Entries taken from a collection
<<<<

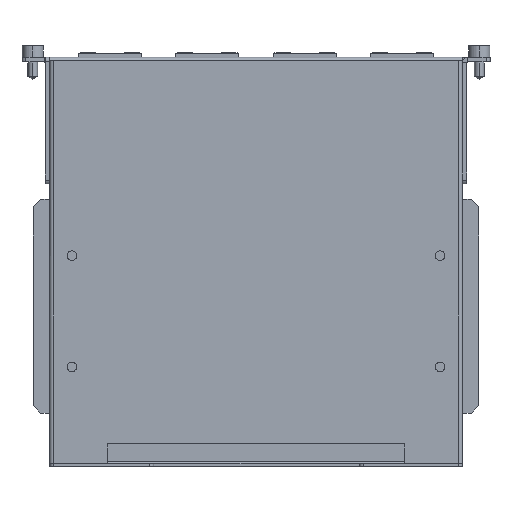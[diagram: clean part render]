
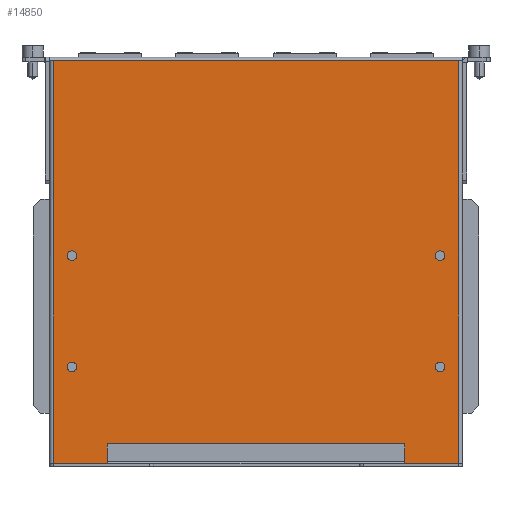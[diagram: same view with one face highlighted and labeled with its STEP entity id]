
A CAD part, front view. The second image highlights one B-rep face of the part: STEP entity #14850.
In plain terms, the highlighted planar face has unit normal (0, -1, 0).
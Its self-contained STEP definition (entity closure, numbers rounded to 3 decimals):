
#10663=DIRECTION('',(-1.,0.,0.));
#10664=VECTOR('',#10663,105.8);
#10665=CARTESIAN_POINT('',(106.7,0.,-0.9));
#10666=LINE('',#10665,#10664);
#11262=DIRECTION('',(0.,0.,-1.));
#11263=VECTOR('',#11262,5.);
#11264=CARTESIAN_POINT('',(15.,0.,-100.8));
#11265=LINE('',#11264,#11263);
#11266=DIRECTION('',(-1.,0.,0.));
#11267=VECTOR('',#11266,14.1);
#11268=CARTESIAN_POINT('',(15.,0.,-105.8));
#11269=LINE('',#11268,#11267);
#11270=DIRECTION('',(-1.,0.,0.));
#11271=VECTOR('',#11270,14.1);
#11272=CARTESIAN_POINT('',(106.7,0.,-105.8));
#11273=LINE('',#11272,#11271);
#11274=CARTESIAN_POINT('',(5.8,0.,-80.7));
#11275=DIRECTION('',(0.,-1.,0.));
#11276=DIRECTION('',(0.,0.,-1.));
#11277=AXIS2_PLACEMENT_3D('',#11274,#11275,#11276);
#11279=CARTESIAN_POINT('',(5.8,0.,-80.7));
#11280=DIRECTION('',(0.,-1.,0.));
#11281=DIRECTION('',(0.,0.,1.));
#11282=AXIS2_PLACEMENT_3D('',#11279,#11280,#11281);
#11284=CARTESIAN_POINT('',(5.8,0.,-51.7));
#11285=DIRECTION('',(0.,-1.,0.));
#11286=DIRECTION('',(0.,0.,-1.));
#11287=AXIS2_PLACEMENT_3D('',#11284,#11285,#11286);
#11289=CARTESIAN_POINT('',(5.8,0.,-51.7));
#11290=DIRECTION('',(0.,-1.,0.));
#11291=DIRECTION('',(0.,0.,1.));
#11292=AXIS2_PLACEMENT_3D('',#11289,#11290,#11291);
#11294=CARTESIAN_POINT('',(101.8,0.,-51.7));
#11295=DIRECTION('',(0.,-1.,0.));
#11296=DIRECTION('',(0.,0.,-1.));
#11297=AXIS2_PLACEMENT_3D('',#11294,#11295,#11296);
#11299=CARTESIAN_POINT('',(101.8,0.,-51.7));
#11300=DIRECTION('',(0.,-1.,0.));
#11301=DIRECTION('',(0.,0.,1.));
#11302=AXIS2_PLACEMENT_3D('',#11299,#11300,#11301);
#11304=CARTESIAN_POINT('',(101.8,0.,-80.7));
#11305=DIRECTION('',(0.,-1.,0.));
#11306=DIRECTION('',(0.,0.,-1.));
#11307=AXIS2_PLACEMENT_3D('',#11304,#11305,#11306);
#11309=CARTESIAN_POINT('',(101.8,0.,-80.7));
#11310=DIRECTION('',(0.,-1.,0.));
#11311=DIRECTION('',(0.,0.,1.));
#11312=AXIS2_PLACEMENT_3D('',#11309,#11310,#11311);
#11322=DIRECTION('',(1.,0.,0.));
#11323=VECTOR('',#11322,77.6);
#11324=CARTESIAN_POINT('',(15.,0.,-100.8));
#11325=LINE('',#11324,#11323);
#11330=DIRECTION('',(0.,0.,-1.));
#11331=VECTOR('',#11330,5.);
#11332=CARTESIAN_POINT('',(92.6,0.,-100.8));
#11333=LINE('',#11332,#11331);
#11666=DIRECTION('',(0.,0.,1.));
#11667=VECTOR('',#11666,104.9);
#11668=CARTESIAN_POINT('',(106.7,0.,-105.8));
#11669=LINE('',#11668,#11667);
#11978=DIRECTION('',(0.,0.,-1.));
#11979=VECTOR('',#11978,104.9);
#11980=CARTESIAN_POINT('',(0.9,0.,-0.9));
#11981=LINE('',#11980,#11979);
#12852=CARTESIAN_POINT('',(106.7,0.,-0.9));
#12853=VERTEX_POINT('',#12852);
#12854=CARTESIAN_POINT('',(0.9,0.,-0.9));
#12855=VERTEX_POINT('',#12854);
#12968=CARTESIAN_POINT('',(15.,0.,-100.8));
#12969=CARTESIAN_POINT('',(15.,0.,-105.8));
#12970=VERTEX_POINT('',#12968);
#12971=VERTEX_POINT('',#12969);
#12972=CARTESIAN_POINT('',(0.9,0.,-105.8));
#12973=VERTEX_POINT('',#12972);
#12974=CARTESIAN_POINT('',(106.7,0.,-105.8));
#12975=VERTEX_POINT('',#12974);
#12976=CARTESIAN_POINT('',(92.6,0.,-105.8));
#12977=VERTEX_POINT('',#12976);
#12978=CARTESIAN_POINT('',(92.6,0.,-100.8));
#12979=VERTEX_POINT('',#12978);
#12980=CARTESIAN_POINT('',(5.8,0.,-81.95));
#12981=CARTESIAN_POINT('',(5.8,0.,-79.45));
#12982=VERTEX_POINT('',#12980);
#12983=VERTEX_POINT('',#12981);
#12984=CARTESIAN_POINT('',(5.8,0.,-52.95));
#12985=CARTESIAN_POINT('',(5.8,0.,-50.45));
#12986=VERTEX_POINT('',#12984);
#12987=VERTEX_POINT('',#12985);
#12988=CARTESIAN_POINT('',(101.8,0.,-52.95));
#12989=CARTESIAN_POINT('',(101.8,0.,-50.45));
#12990=VERTEX_POINT('',#12988);
#12991=VERTEX_POINT('',#12989);
#12992=CARTESIAN_POINT('',(101.8,0.,-81.95));
#12993=CARTESIAN_POINT('',(101.8,0.,-79.45));
#12994=VERTEX_POINT('',#12992);
#12995=VERTEX_POINT('',#12993);
#14804=CARTESIAN_POINT('',(0.,0.,-0.8));
#14805=DIRECTION('',(0.,1.,0.));
#14806=DIRECTION('',(0.,0.,1.));
#14807=AXIS2_PLACEMENT_3D('',#14804,#14805,#14806);
#14808=PLANE('',#14807);
#14810=ORIENTED_EDGE('',*,*,#14809,.T.);
#14812=ORIENTED_EDGE('',*,*,#14811,.T.);
#14814=ORIENTED_EDGE('',*,*,#14813,.F.);
#14815=ORIENTED_EDGE('',*,*,#13771,.F.);
#14817=ORIENTED_EDGE('',*,*,#14816,.F.);
#14819=ORIENTED_EDGE('',*,*,#14818,.T.);
#14821=ORIENTED_EDGE('',*,*,#14820,.F.);
#14823=ORIENTED_EDGE('',*,*,#14822,.F.);
#14824=EDGE_LOOP('',(#14810,#14812,#14814,#14815,#14817,#14819,#14821,#14823));
#14825=FACE_OUTER_BOUND('',#14824,.F.);
#14827=ORIENTED_EDGE('',*,*,#14826,.T.);
#14829=ORIENTED_EDGE('',*,*,#14828,.T.);
#14830=EDGE_LOOP('',(#14827,#14829));
#14831=FACE_BOUND('',#14830,.F.);
#14833=ORIENTED_EDGE('',*,*,#14832,.T.);
#14835=ORIENTED_EDGE('',*,*,#14834,.T.);
#14836=EDGE_LOOP('',(#14833,#14835));
#14837=FACE_BOUND('',#14836,.F.);
#14839=ORIENTED_EDGE('',*,*,#14838,.T.);
#14841=ORIENTED_EDGE('',*,*,#14840,.T.);
#14842=EDGE_LOOP('',(#14839,#14841));
#14843=FACE_BOUND('',#14842,.F.);
#14845=ORIENTED_EDGE('',*,*,#14844,.T.);
#14847=ORIENTED_EDGE('',*,*,#14846,.T.);
#14848=EDGE_LOOP('',(#14845,#14847));
#14849=FACE_BOUND('',#14848,.F.);
#11278=CIRCLE('',#11277,1.25);
#11283=CIRCLE('',#11282,1.25);
#11288=CIRCLE('',#11287,1.25);
#11293=CIRCLE('',#11292,1.25);
#11298=CIRCLE('',#11297,1.25);
#11303=CIRCLE('',#11302,1.25);
#11308=CIRCLE('',#11307,1.25);
#11313=CIRCLE('',#11312,1.25);
#13771=EDGE_CURVE('',#12853,#12855,#10666,.T.);
#14809=EDGE_CURVE('',#12970,#12971,#11265,.T.);
#14811=EDGE_CURVE('',#12971,#12973,#11269,.T.);
#14813=EDGE_CURVE('',#12855,#12973,#11981,.T.);
#14816=EDGE_CURVE('',#12975,#12853,#11669,.T.);
#14818=EDGE_CURVE('',#12975,#12977,#11273,.T.);
#14820=EDGE_CURVE('',#12979,#12977,#11333,.T.);
#14822=EDGE_CURVE('',#12970,#12979,#11325,.T.);
#14826=EDGE_CURVE('',#12982,#12983,#11278,.T.);
#14828=EDGE_CURVE('',#12983,#12982,#11283,.T.);
#14832=EDGE_CURVE('',#12986,#12987,#11288,.T.);
#14834=EDGE_CURVE('',#12987,#12986,#11293,.T.);
#14838=EDGE_CURVE('',#12990,#12991,#11298,.T.);
#14840=EDGE_CURVE('',#12991,#12990,#11303,.T.);
#14844=EDGE_CURVE('',#12994,#12995,#11308,.T.);
#14846=EDGE_CURVE('',#12995,#12994,#11313,.T.);
#14850=ADVANCED_FACE('',(#14825,#14831,#14837,#14843,#14849),#14808,.F.);

>>>>

What is expected
Could you restate, word for word, the lines above from the one with "#11980=CARTESIAN_POINT('',(0.9,0.,-0.9));" to the one with "#12973=VERTEX_POINT('',#12972);", both included?

Task answer
#11980=CARTESIAN_POINT('',(0.9,0.,-0.9));
#11981=LINE('',#11980,#11979);
#12852=CARTESIAN_POINT('',(106.7,0.,-0.9));
#12853=VERTEX_POINT('',#12852);
#12854=CARTESIAN_POINT('',(0.9,0.,-0.9));
#12855=VERTEX_POINT('',#12854);
#12968=CARTESIAN_POINT('',(15.,0.,-100.8));
#12969=CARTESIAN_POINT('',(15.,0.,-105.8));
#12970=VERTEX_POINT('',#12968);
#12971=VERTEX_POINT('',#12969);
#12972=CARTESIAN_POINT('',(0.9,0.,-105.8));
#12973=VERTEX_POINT('',#12972);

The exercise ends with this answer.